• **TASK**:
Of the lines in the data below, write out exactly those from the one holding "cover by kind: herbaceous" through the one holding "longitude: 13.7869", both included.

• **DATASET ENTRIES**:
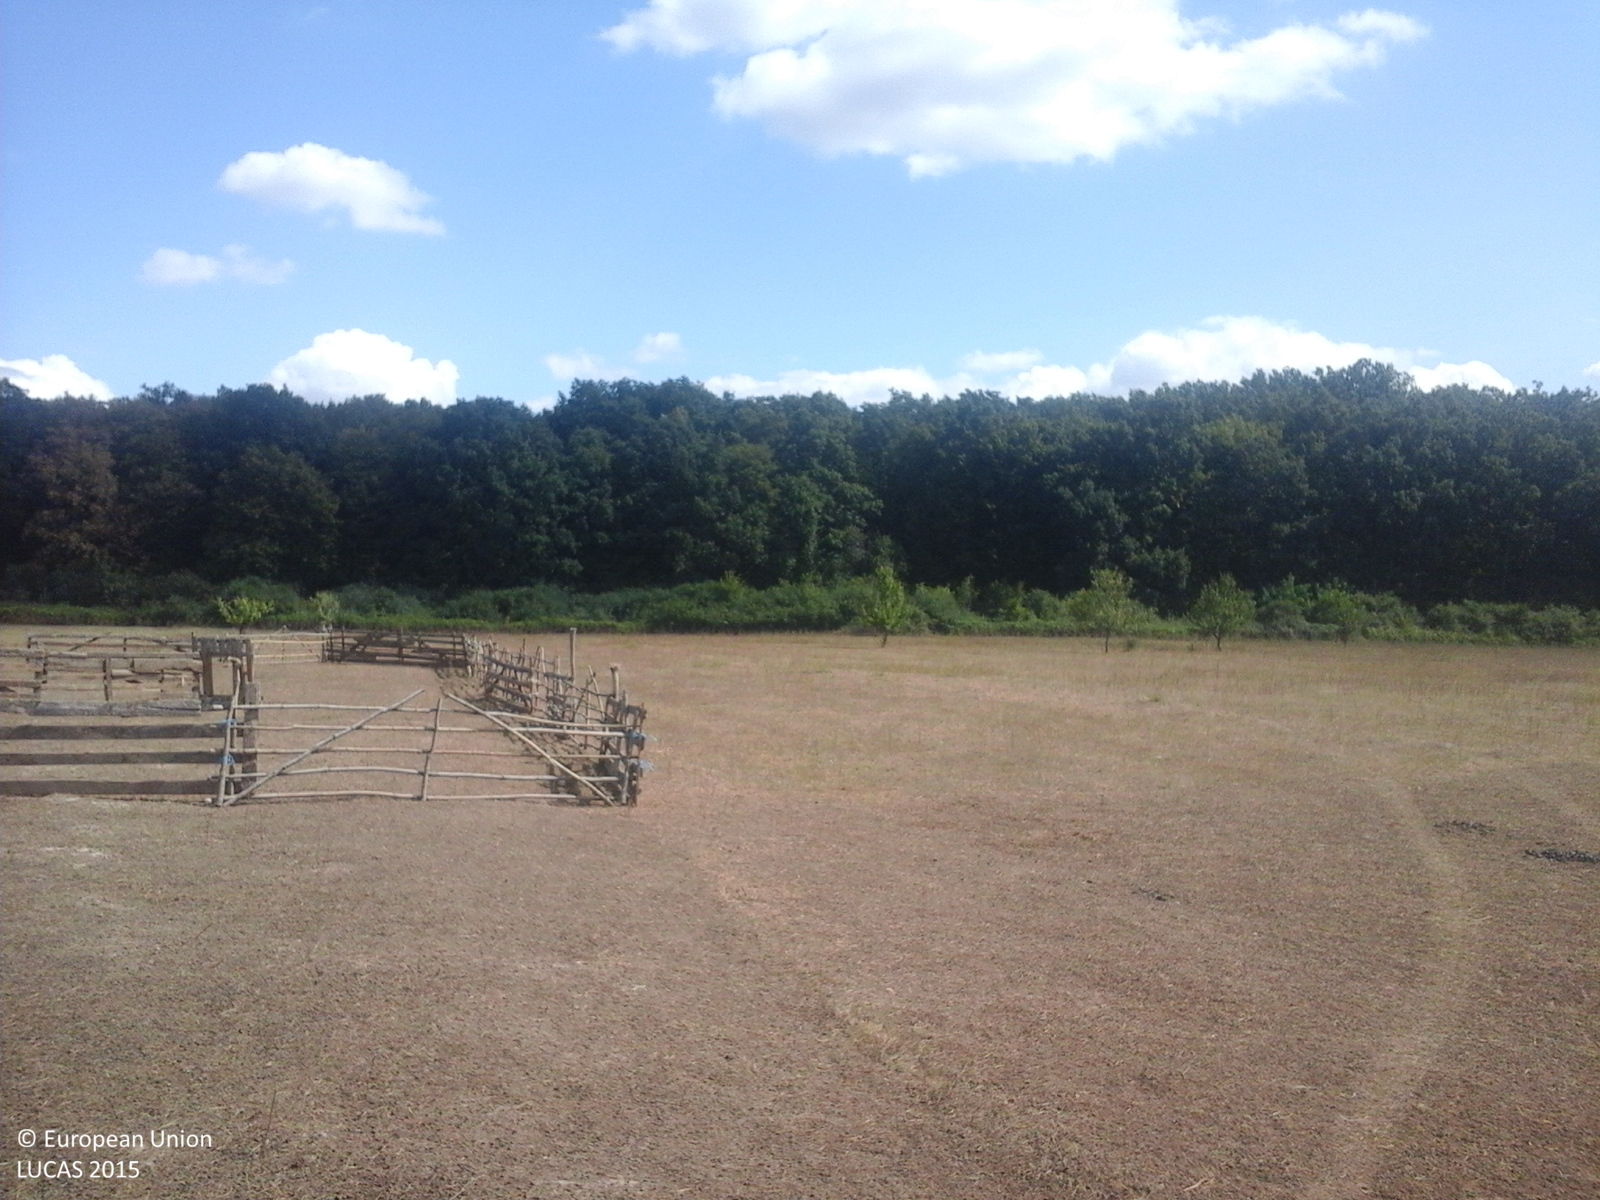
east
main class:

--

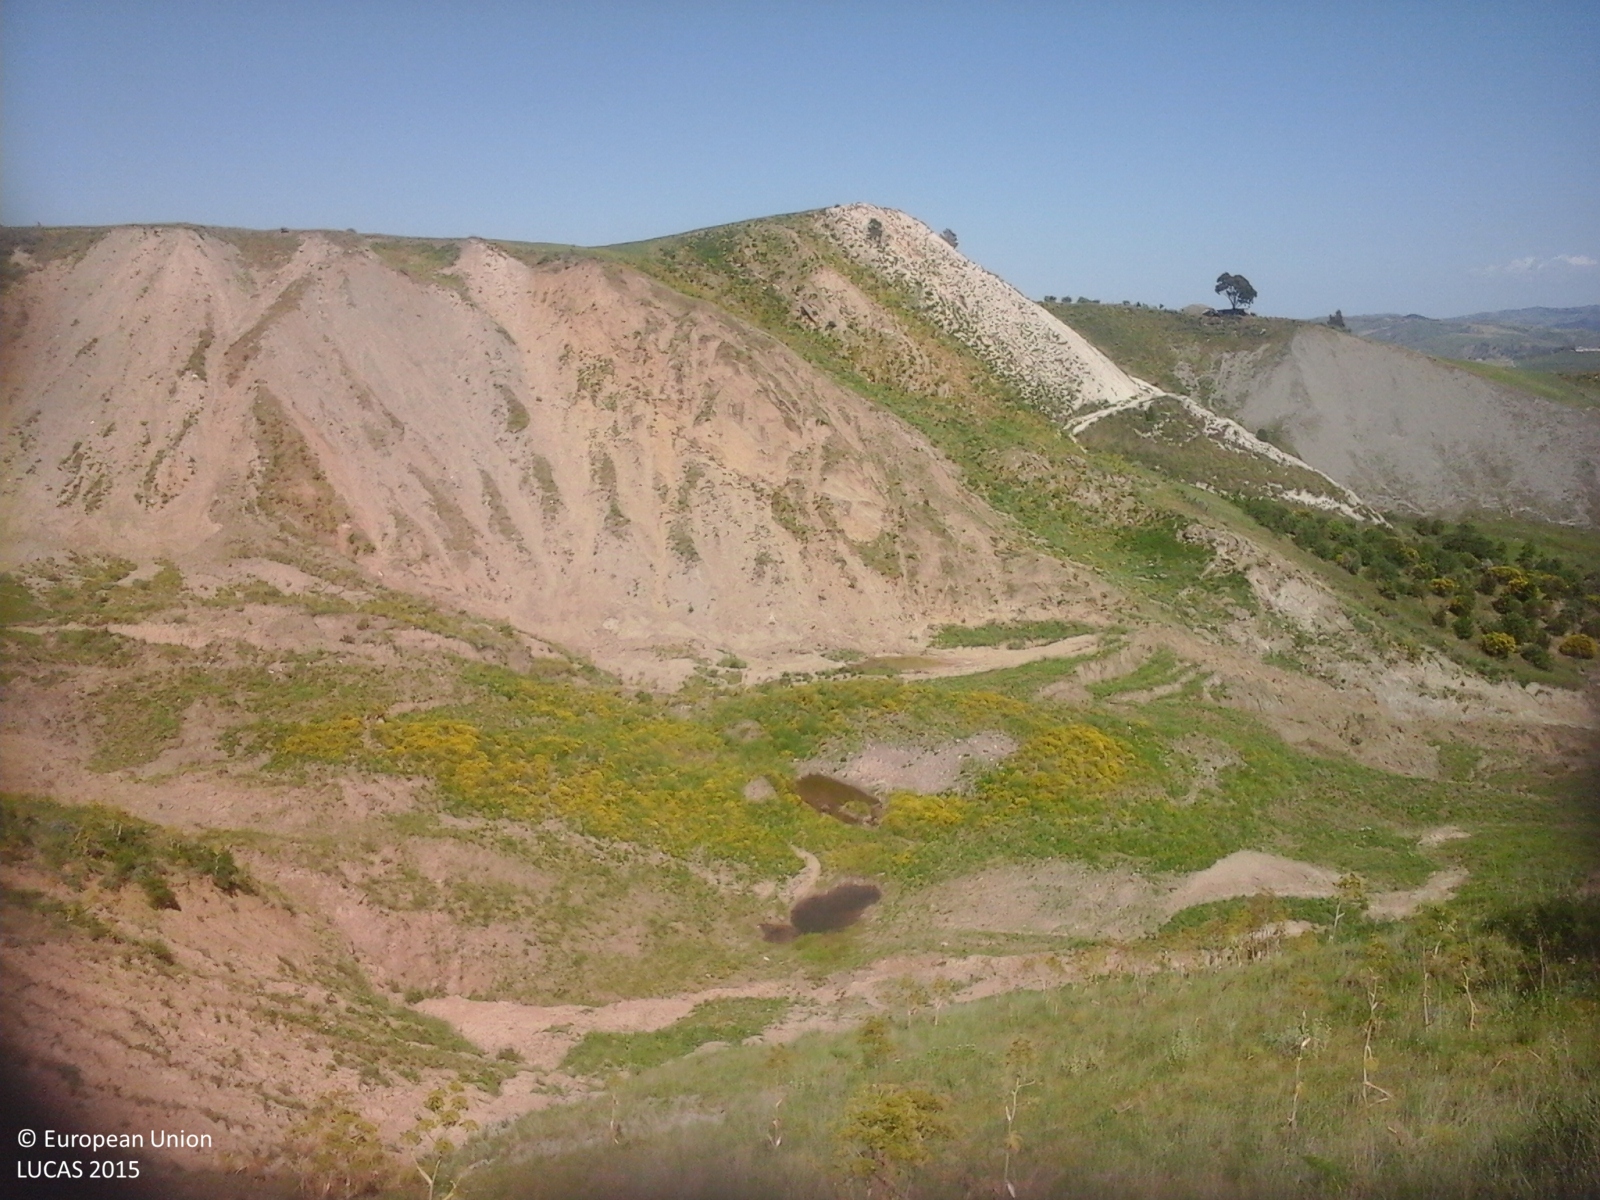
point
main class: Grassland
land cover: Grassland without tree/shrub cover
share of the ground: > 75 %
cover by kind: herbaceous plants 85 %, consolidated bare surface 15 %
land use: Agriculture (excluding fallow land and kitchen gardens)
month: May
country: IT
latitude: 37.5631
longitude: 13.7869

• **WRITTEN ANSWER**:
cover by kind: herbaceous plants 85 %, consolidated bare surface 15 %
land use: Agriculture (excluding fallow land and kitchen gardens)
month: May
country: IT
latitude: 37.5631
longitude: 13.7869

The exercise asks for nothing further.